Staatssecretaris Knapen had die boodschap uiteraard in een fraaie slogan verpakt. Niet-gouvernementele organisaties zijn er om „constructief wantrouwen” te organiseren tegen grote instanties als overheden, en juist daarom moeten ze niet te afhankelijk worden van diezelfde overheden. Op zich heeft hij daar natuurlijk gelijk in, al is dit argument van wantrouwen jarenlang gebruikt om ngo’s juist volop te steunen. Wat de staat niet kan –efficiënt hulp verlenen aan de armen– dat kunnen ngo’s juist heel goed, en daarom verdienen ze steun.
Nu is er zeker reden tot kritische evaluatie van bestedingen en werkwijzen van ngo’s. Met behulp van de slogan “als het doel maar goed is” werden al te gemakkelijk slechte programma’s opgezet en bekostigd. Veel beter is de houding die vandaag de dag wordt gepropageerd en die uitgaat van ”als het effect maar goed is”. Maar dan moet er wel zicht blijven op de arme naaste, op het doel dat men nastreeft.
En juist daar zou het vandaag de dag wel eens aan kunnen ontbreken. Knapen refereerde er zelf ook aan. Zijn oproep hield verband met het andere klimaat in de samenleving, waarin burgers kritischer zijn tegenover goededoelenorganisaties. Dat „kritische” blijft iets gênants houden. Tegenover al die honderden miljoenen gezinnen in de wereld die hun leven lang nog niet een fractie van de welvaart hebben die wij hier genieten, hanteren we minutieus de meetlat van efficiëntie. Wordt het thema verspilling niet vaak buitengewoon selectief toegepast? Waarbij het belangeloos weggeven van geld al snel kan rekenen op de verdachtmaking van verspillend bezig zijn?
Intussen moeten ngo’s ervoor passen dat ze zich vervreemden van hun achterban, de groep van trouwe en betrokken gevers, doordat Den Haag of Brussel betere geldschieters zijn. Die tonen zich immers ook onbetrouwbare gevers: afhankelijk van de politieke wind die er waait, gaat de Haagse geldkraan verder open of dicht.

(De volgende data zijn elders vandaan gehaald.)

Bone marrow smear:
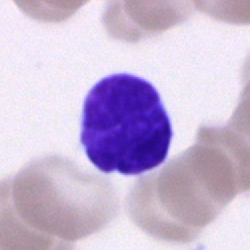
Cell — lymphocyte.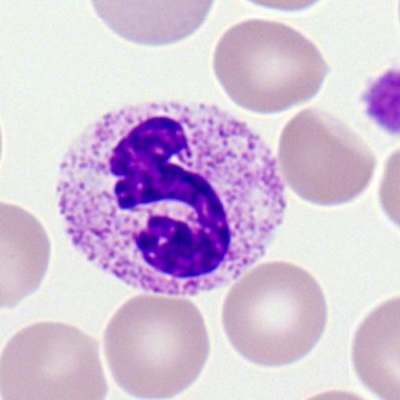
Specimen: peripheral blood smear.
Cell: segmented neutrophil.
Lineage: myeloid.
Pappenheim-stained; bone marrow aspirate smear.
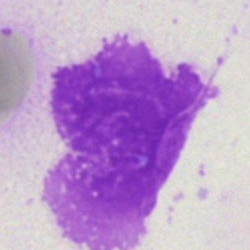

Artifact.
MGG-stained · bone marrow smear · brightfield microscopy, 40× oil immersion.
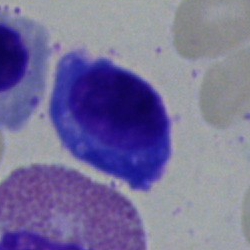Specimen: bone marrow smear.
Cell type: plasma cell.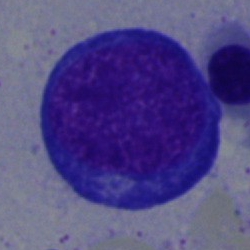 Morphology consistent with a nucleated red blood cell.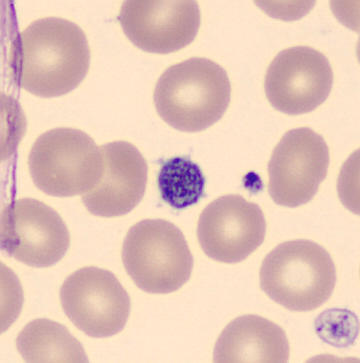Showing a platelet. Peripheral blood film.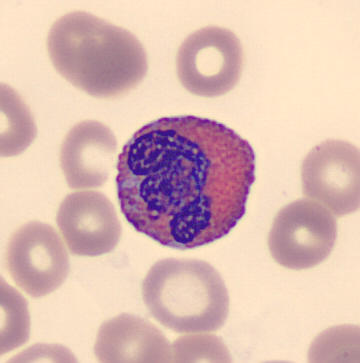
Cell type = eosinophilic granulocyte.

May-Grünwald-Giemsa-stained; peripheral blood smear.
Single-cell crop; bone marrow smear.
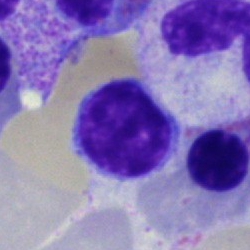
Showing a lymphocyte.
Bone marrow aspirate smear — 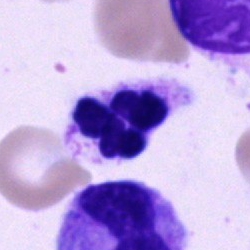

Q: What type of cell is this?
A: It is a neutrophil (segmented).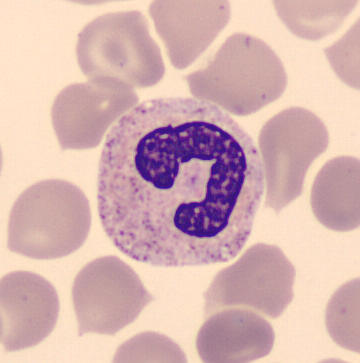{"cell_type": "neutrophil (band)"}

Preparation: MGG stain; peripheral blood film.
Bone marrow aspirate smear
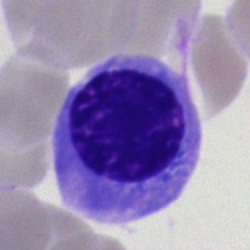

Cell = normoblast.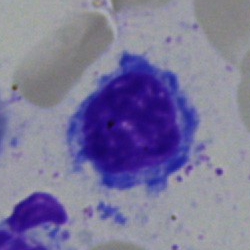

Cell — typical lymphocyte.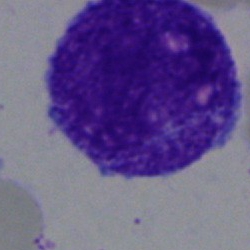Q: What is the morphological classification of this cell?
A: This is a progranulocyte.
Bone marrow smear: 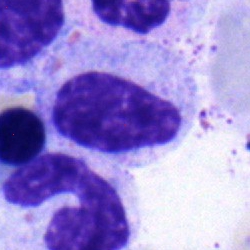 Cell = metamyelocyte.
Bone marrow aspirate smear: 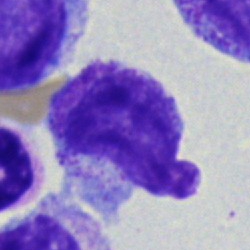

The cell shown is a myelocyte.
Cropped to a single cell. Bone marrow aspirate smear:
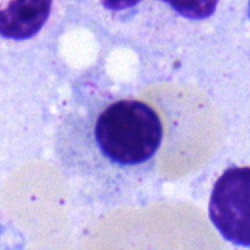Morphology → erythroblast.
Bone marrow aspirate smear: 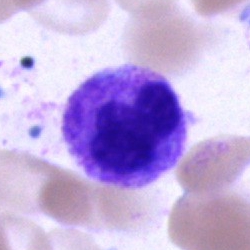 Specimen: bone marrow smear.
Cell type: polymorphonuclear neutrophil.
Lineage: myeloid.
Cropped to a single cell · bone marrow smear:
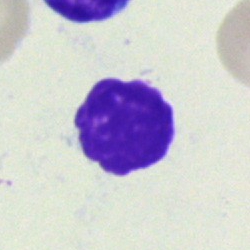Single cell identified as an artifact.
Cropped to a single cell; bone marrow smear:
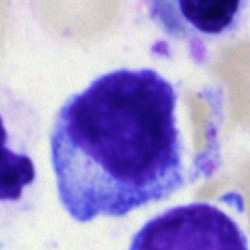
The cell is myelocyte.

Daarom: wees zuinig op al die duizenden mannen en vrouwen die jaarlijks krentenbrood- en stroopwafelacties houden voor ‘hun organisatie’. De verleiding is groot om hierover binnen onze gezindte te gemakkelijk te denken. De achterban is vanwege kerkgang en het verenigingsleven immers nog gemakkelijk te mobiliseren. Toch zou dat wel eens tegen kunnen vallen als de innerlijke overtuiging bij al die potentiële gevers afzwakt.
Vooral jongeren zijn in dit verband van belang. Zij verdienen bijvoorbeeld lespakketten voor op school of op de vereniging, waarin de problematiek dichterbij wordt gebracht. Niet alleen om het kritische verstand te dienen, maar vooral om hun harten te raken. En hen ervan te overtuigen dat geven voor de armen geen linkse hobby is, niet iets voor softe types, maar een door en door Bijbelse opdracht.